Popon mused on this for a while, but seemed to cheer up a the the idea. By the time they reaches Olegs, he seemed much more understanding of it all.


“So you don’t even know about the bandits? Bloody typical!” yelled Oleg as he stormed off. His wife Svetlana tried to diffuse the situation.

“Oleg, I’m sure even if they don’t know, they can help us, right? We can’t go on losing all our wares and supplies to these thugs, or we’ll end up destitute. If you help, you and your company can stay here as long as you like, free of charge! I’ll throw in two meals a day as well!”

Oleg looked at his wife incredulously, and seemed as though he was going to retort until her sharp gaze gave him cause to reconsider.

“Aye, what she says. Help us and we’ll do what we can fer you and yer crew.”

“What kind of numbers are we looking at? And when?” inquired Jace, his hunters mind already planning as he scanned the fort and its defenses.

“The last time there was 6 of them, and one of the women. They usually arrive the beginning of the month”

“Beginning of the .. That’s tomorrow for Morrows sake!” said Rufio exasperatedly, but Jace was already moving on. “Women? What women?”

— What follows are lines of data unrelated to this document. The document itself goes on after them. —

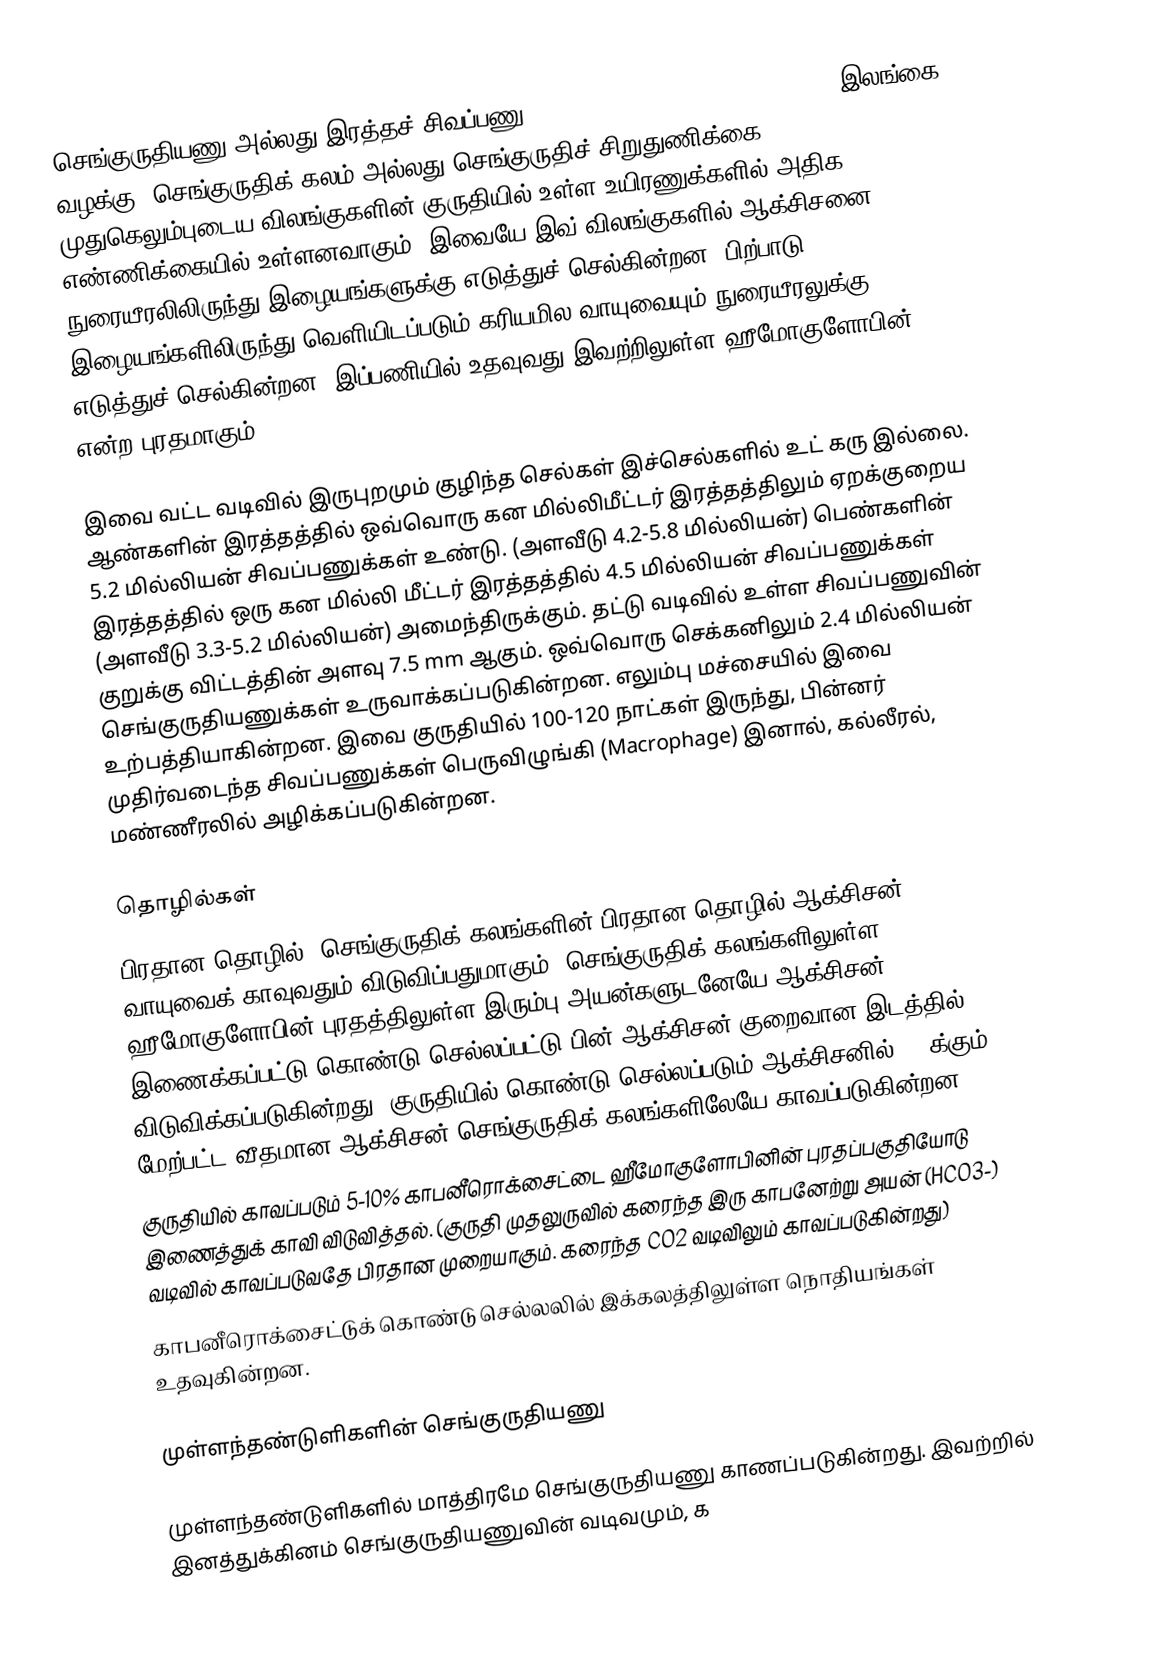
செங்குருதியணு அல்லது இரத்தச் சிவப்பணு (Erythrocytes or Red blood cell) (இலங்கை வழக்கு: செங்குருதிக் கலம் அல்லது செங்குருதிச் சிறுதுணிக்கை) முதுகெலும்புடைய விலங்குகளின் குருதியில் உள்ள உயிரணுக்களில் அதிக எண்ணிக்கையில் உள்ளனவாகும். இவையே இவ் விலங்குகளில் ஆக்சிசனை நுரையீரலிலிருந்து இழையங்களுக்கு எடுத்துச் செல்கின்றன. பிற்பாடு, இழையங்களிலிருந்து வெளியிடப்படும் கரியமில வாயுவையும் நுரையீரலுக்கு எடுத்துச் செல்கின்றன. இப்பணியில் உதவுவது இவற்றிலுள்ள ஹீமோகுளோபின் என்ற புரதமாகும்.

இவை வட்ட வடிவில் இருபுறமும் குழிந்த செல்கள் இச்செல்களில் உட் கரு இல்லை. ஆண்களின் இரத்தத்தில் ஒவ்வொரு கன மில்லிமீட்டர் இரத்தத்திலும் ஏறக்குறைய 5.2 மில்லியன் சிவப்பணுக்கள் உண்டு. (அளவீடு 4.2-5.8 மில்லியன்) பெண்களின் இரத்தத்தில் ஒரு கன மில்லி மீட்டர் இரத்தத்தில் 4.5 மில்லியன் சிவப்பணுக்கள் (அளவீடு 3.3-5.2 மில்லியன்) அமைந்திருக்கும். தட்டு வடிவில் உள்ள சிவப்பணுவின் குறுக்கு விட்டத்தின் அளவு 7.5 mm ஆகும். ஒவ்வொரு செக்கனிலும் 2.4 மில்லியன் செங்குருதியணுக்கள் உருவாக்கப்படுகின்றன. எலும்பு மச்சையில் இவை உற்பத்தியாகின்றன. இவை குருதியில் 100-120 நாட்கள் இருந்து, பின்னர் முதிர்வடைந்த சிவப்பணுக்கள் பெருவிழுங்கி (Macrophage) இனால், கல்லீரல், மண்ணீரலில் அழிக்கப்படுகின்றன.

தொழில்கள்
 பிரதான தொழில்: செங்குருதிக் கலங்களின் பிரதான தொழில் ஆக்சிசன் வாயுவைக் காவுவதும் விடுவிப்பதுமாகும். செங்குருதிக் கலங்களிலுள்ள ஹீமோகுளோபின் புரதத்திலுள்ள இரும்பு அயன்களுடனேயே ஆக்சிசன் இணைக்கப்பட்டு கொண்டு செல்லப்பட்டு பின் ஆக்சிசன் குறைவான இடத்தில் விடுவிக்கப்படுகின்றது. குருதியில் கொண்டு செல்லப்படும் ஆக்சிசனில் 98%க்கும் மேற்பட்ட வீதமான ஆக்சிசன் செங்குருதிக் கலங்களிலேயே காவப்படுகின்றன.
 குருதியில் காவப்படும் 5-10% காபனீரொக்சைட்டை ஹீமோகுளோபினின் புரதப்பகுதியோடு இணைத்துக் காவி விடுவித்தல். (குருதி முதலுருவில் கரைந்த இரு காபனேற்று அயன் (HCO3-) வடிவில் காவப்படுவதே பிரதான முறையாகும். கரைந்த CO2 வடிவிலும் காவப்படுகின்றது)
 காபனீரொக்சைட்டுக் கொண்டு செல்லலில் இக்கலத்திலுள்ள நொதியங்கள் உதவுகின்றன.

முள்ளந்தண்டுளிகளின் செங்குருதியணு

முள்ளந்தண்டுளிகளில் மாத்திரமே செங்குருதியணு காணப்படுகின்றது. இவற்றில் இனத்துக்கினம் செங்குருதியணுவின் வடிவமும், க
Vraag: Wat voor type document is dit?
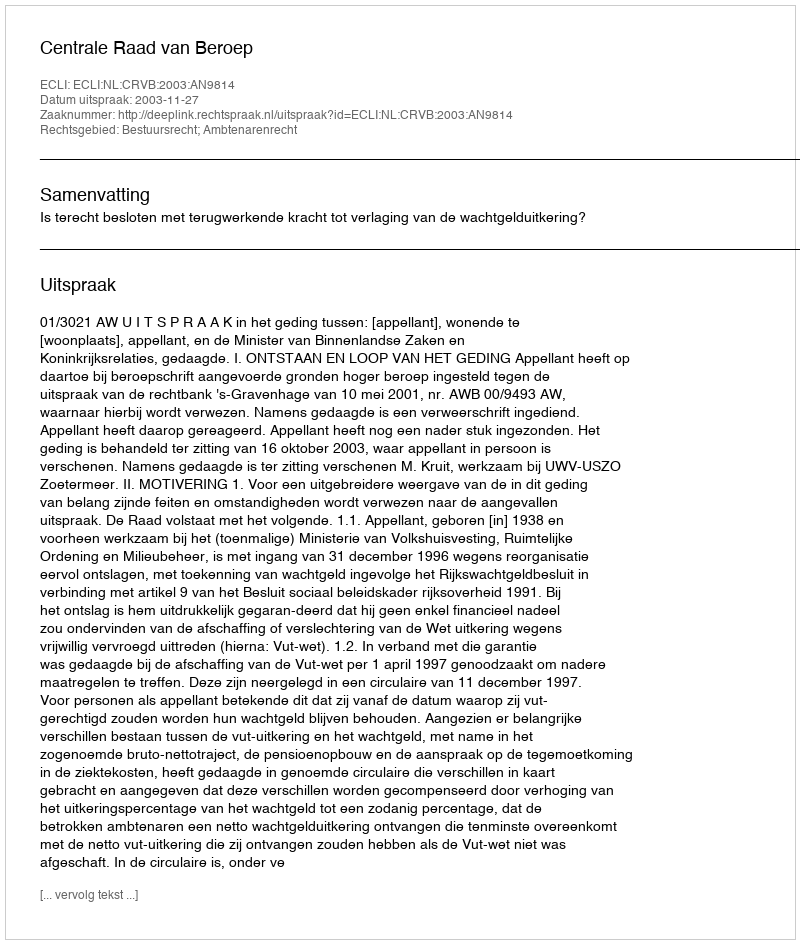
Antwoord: Uitspraak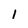
Character: 1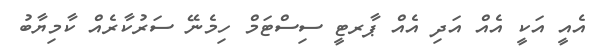
އެއީ އަކީ އެއް އަދި އެއް ޕާރޓީ ސިސްޓަމް ހިމެނޭ ސަރުކާރެއް ކާމިޔާބު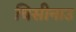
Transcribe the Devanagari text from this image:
चिसीनाउ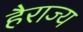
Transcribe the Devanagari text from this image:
हैराज्य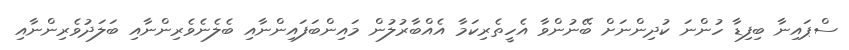
ސްޕައިނާ ބިފިޑާ ހުންނަ ކުދިންނަށް ބޭނުންވާ އެހީތެރިކަމާ އެއްބާރުލުން މައިންބަފައިންނާއި ބެލެނެވެރިންނާއި ބަލަދުވެރިންނާއި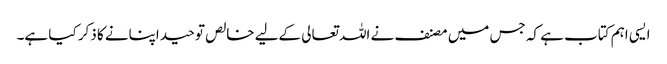
ایسی اہم کتاب ہے کہ جس میں مصنف نے اللہ تعالی کےلیے خالص توحید اپنانے کا ذکر کیا ہے۔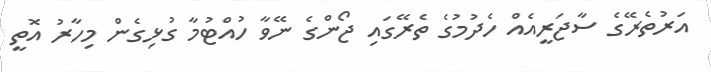
އަރުތެރޭގެ ސާޖަރީއެެއް ހެދުމުގެ ތެރޭގައި ޖޯންގެ ނޭވާ ހުއްޓުމާ ގުޅިގެން މިހާރު އޮތީ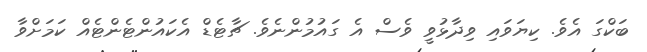
ބަކްގަ އެވެ. ކިޔަވައި ވިދާޅުވީ ވެސް އެ ގައުމުންނެވެ. ޗާޓެޑް އެކައުންޓެންޓެއް ކަމަށްވާ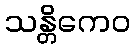
သန္တိကေဝ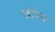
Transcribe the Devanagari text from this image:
छोंडा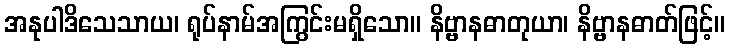
အနုပါဒိသေသာယ၊ ရုပ်နာမ်အကြွင်းမရှိသော။ နိဗ္ဗာနဓာတုယာ၊ နိဗ္ဗာနဓာတ်ဖြင့်။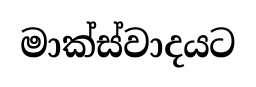
මාක්ස්වාදයට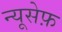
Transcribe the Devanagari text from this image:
न्यूसेफ़

“The hunter women. The bandits had tried it on before, but we’d put paid to them. About three months ago though, two women dressed in furs and wooden masks came with them, and told us that ‘The Stag Lord’ ruled these lands now, and we better pay up. Oleg tried to argue, but by the Creator they were fast. No sooner had he reached for his blade than one of them had but a spear through his shoulder. He hasn’t been right since, bless him. We’ve paid them ever since.” cried Svetlana, her voice turning to a whisper.

“Right, we need to figure out who or wha-”

“It’s Tharn.” stated Jace. The others looked at him for an explanation.

“I’ve encountered them before, although not these particular ones. They’re Tharn hunters. Call them Bloodtrackers. If they’re here, then there’s a War-chief here. Probably this Stag Lord. Chances are he’s just cowed the other bandits in the area under him.”

“Is this a problem?” asked Rufio, “as I don’t fancy being eaten anytime soon.”

“Depends. If the Bloodtrackers come tomorrow and we kill them, we’ve attacked him. He’ll retaliate. The bandits though aren’t Tharn. Killing them just proves they’re weak, and we probably won’t get much hassle for our troubles.” spoke Jace.

“So,” spoke Sèverin “whats the plan?”